Let's try adding some noise to the input to the output classification layer. This will act as a regularizer. Note how we added a ReLU() afterwards. If we did not, some of the weights might have a negative value from the noise (as if it was a leaky ReLU).

As is (after 10 epochs), the training accuracy remains unchanged, but the validation/test data has crept up a small amount to ~75%.

In [None]:
resnet = makeModel(noise=0.1)
resnet.summary()
resnet.fit(x_train, y_train, epochs=10, batch_size=32, validation_split=0.1, verbose=1)
resnet.evaluate(x_test, y_test)

#### Layer Regularization

Let's use an aggresive form of kernel regularization -- this will penalize any large weight changes to prevent data snapping into the node (L2 regularation), but may greatly reduce the rate of learning - or learning at all (rate = 0.01). 

As is (after 10 epochs), the training accuracy will be plateaued around ~60%. It just won't learn at this level of aggressive layer regularization.

In [None]:
resnet = makeModel(noise=0.1, reg=l2(0.01))
resnet.fit(x_train, y_train, epochs=10, batch_size=32, validation_split=0.1, verbose=1)
resnet.evaluate(x_test, y_test)

Let's now try less aggressive amount of regularization (reduce by a magnitude of 10).

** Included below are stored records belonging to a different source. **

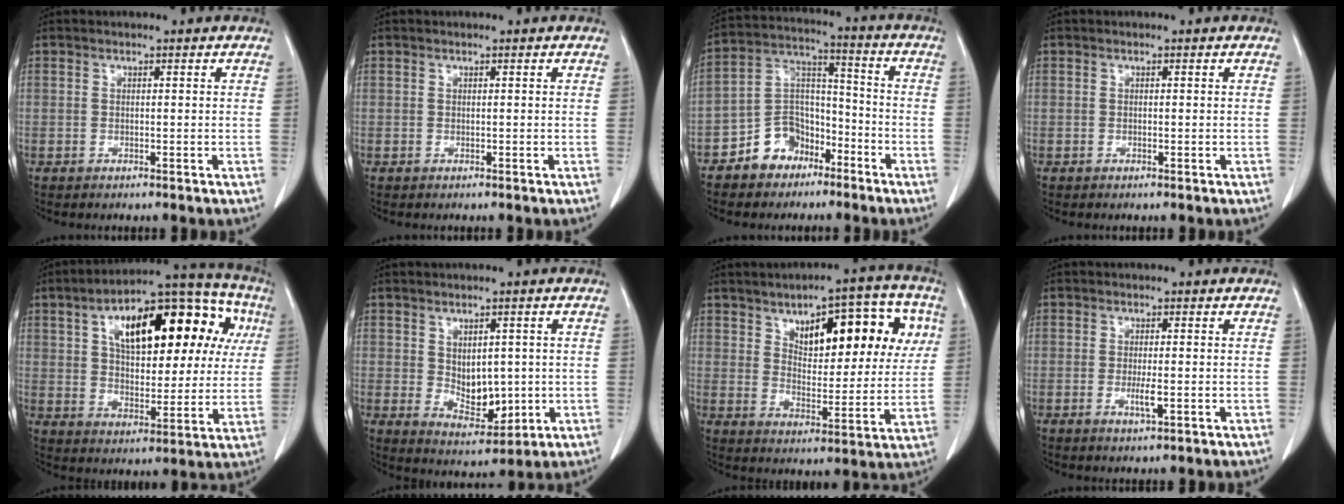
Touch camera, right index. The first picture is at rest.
{"total": 0.0}
{"total": 9.2, "force": [-5.9, 6.5, 3.0], "torque": [-0.062, 0.031, -0.105]}
{"total": 0.0}
{"total": 22.9, "force": [7.5, 9.9, 19.3], "torque": [-0.286, 0.059, 0.110]}
{"total": 6.8, "force": [0.1, 4.0, 5.4], "torque": [-0.087, -0.008, 0.023]}
{"total": 16.6, "force": [6.5, 6.7, 13.7], "torque": [-0.171, 0.029, 0.094]}
{"total": 2.5, "force": [-0.7, 0.2, 2.3], "torque": [-0.045, -0.005, -0.010]}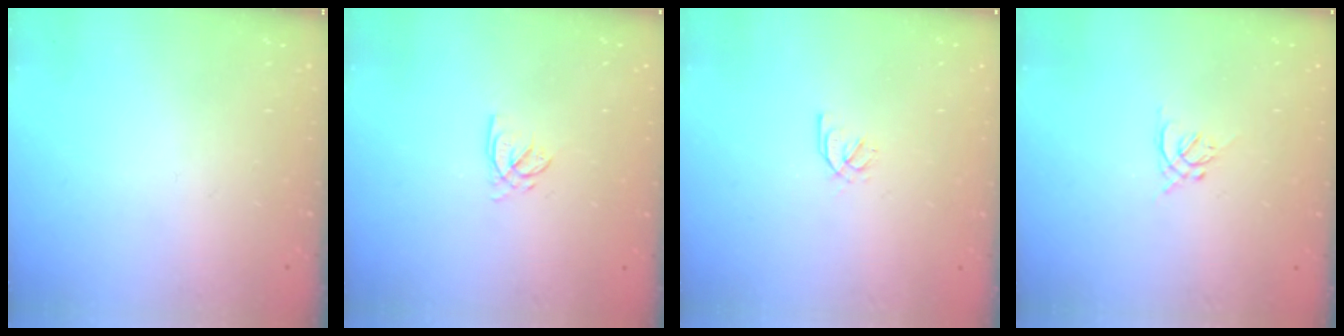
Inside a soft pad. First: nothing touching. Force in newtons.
{"total": 2.3, "press": 2.3, "slide": 0.3}
{"total": 1.8, "press": 1.8, "slide": 0.4}
{"total": 1.3, "press": 1.2, "slide": 0.5}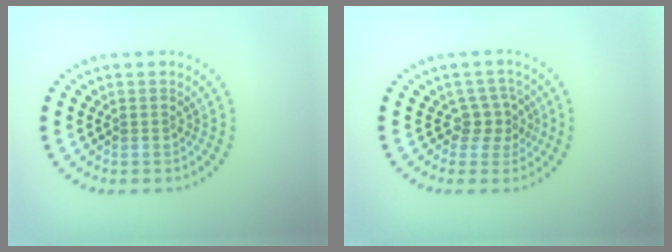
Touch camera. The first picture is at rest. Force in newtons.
{"total": 2.0, "press": 1.5, "slide": 1.4}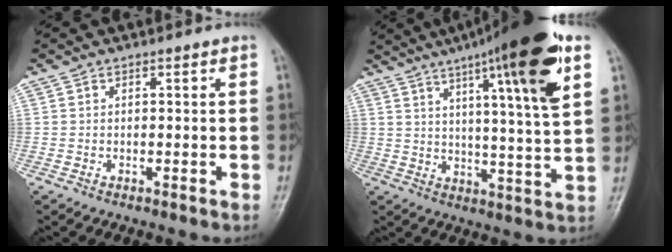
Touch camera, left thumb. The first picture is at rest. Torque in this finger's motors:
{"motor_torque": [1.45, 0.71, 1.86, -0.91, 0.39]}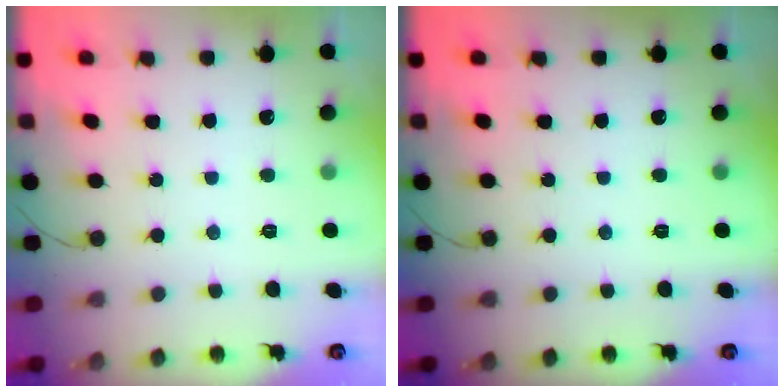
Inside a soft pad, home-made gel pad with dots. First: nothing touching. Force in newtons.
{"total": 0.0}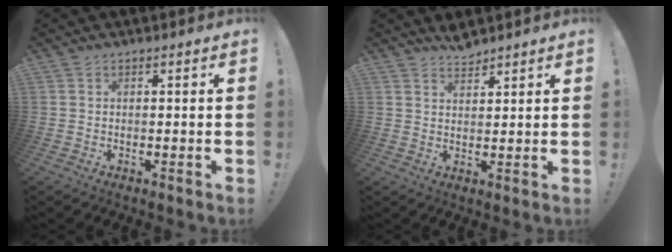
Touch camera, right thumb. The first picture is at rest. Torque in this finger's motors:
{"motor_torque": [-0.19, 0.31, 0.08, -0.07, -0.02]}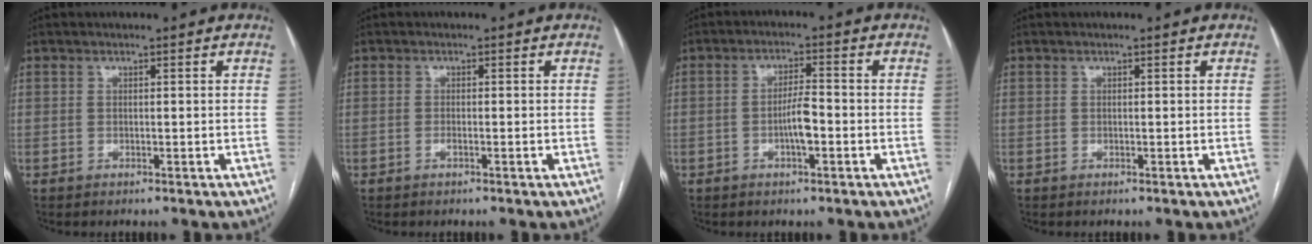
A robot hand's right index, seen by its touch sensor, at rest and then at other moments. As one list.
[{"total": 1.1, "force": [-0.5, 0.2, 1.0], "torque": [-0.019, -0.001, -0.008]}, {"total": 4.3, "force": [-1.2, 0.8, 4.1], "torque": [-0.077, 0.004, -0.022]}, {"total": 0.0}]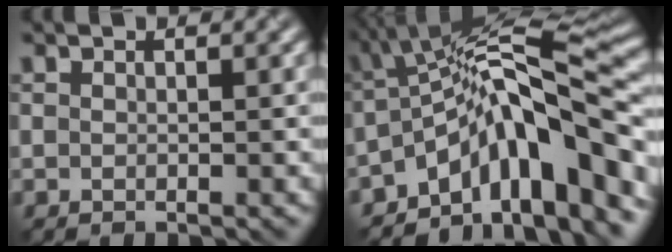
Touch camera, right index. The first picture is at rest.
{"total": 11.9, "force": [-5.6, 3.5, 9.9], "torque": [-0.131, 0.021, -0.099]}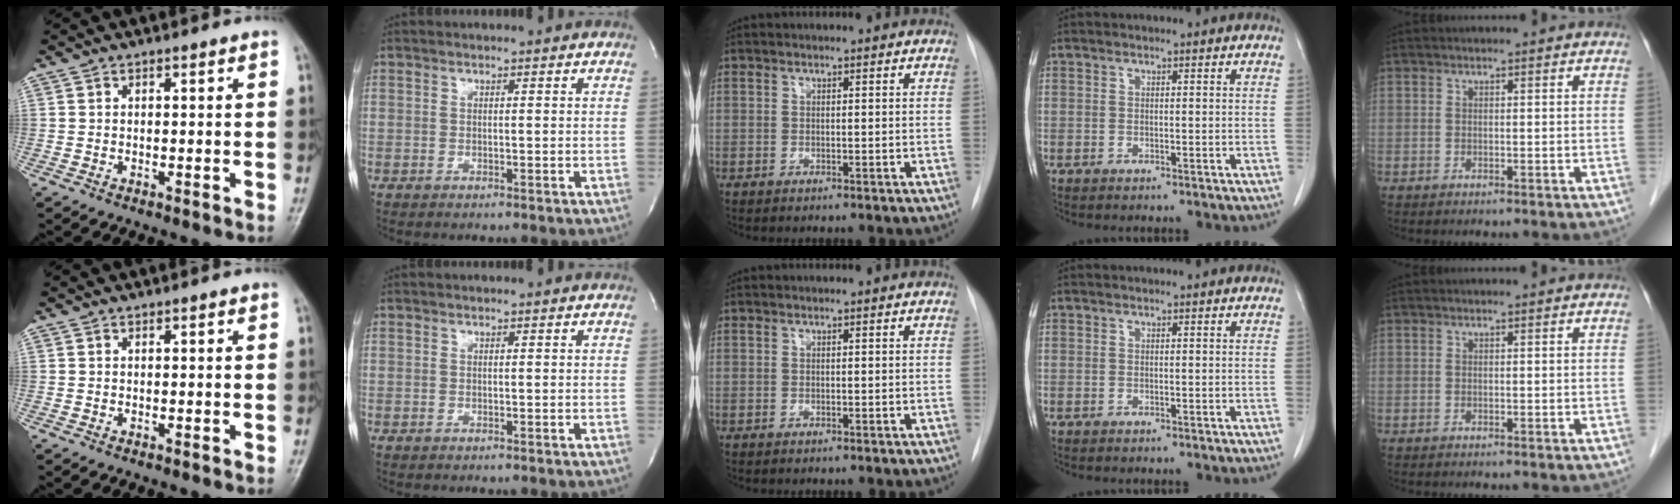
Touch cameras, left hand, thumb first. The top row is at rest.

The rate of increase in training accuracy will slow down and be more stable with the validation accuracy. We can now increase the number of epochs to 30.

As is (after 30 epochs), the validation/test data has crept up a modest amount to ~80%, while the training accuracy has plauteaued also around 80%.

In [None]:
resnet = makeBaseModel(noise=0.1, reg=l2(0.001))
resnet.fit(x_train, y_train, epochs=30, batch_size=32, validation_split=0.1, verbose=1)
resnet.evaluate(x_test, y_test)

#### Learning Rate

You can see that we are plateauing out around 80% on the validation/test data after 30 epochs and the training accuracy seems to be equally plateaud. This suggests that the weight updates are bouncing back/forth trying to fit the training data; whereby, lines of linear separation are slightly shifting causing swings in the validation loss.

Let's address this by dropping the learning rate a magnitude after 30 epochs, and run another 10. We can see now that the validation/test data climb and plateaus at ~84%.

In [None]:
resnet.compile(loss='sparse_categorical_crossentropy', optimizer=Adam(lr=0.0001), metrics=['acc'])
resnet.fit(x_train, y_train, epochs=30, batch_size=32, validation_split=0.1, verbose=1)
resnet.evaluate(x_test, y_test)

## Next

Think how you can modify this experiment, to meet the objectives.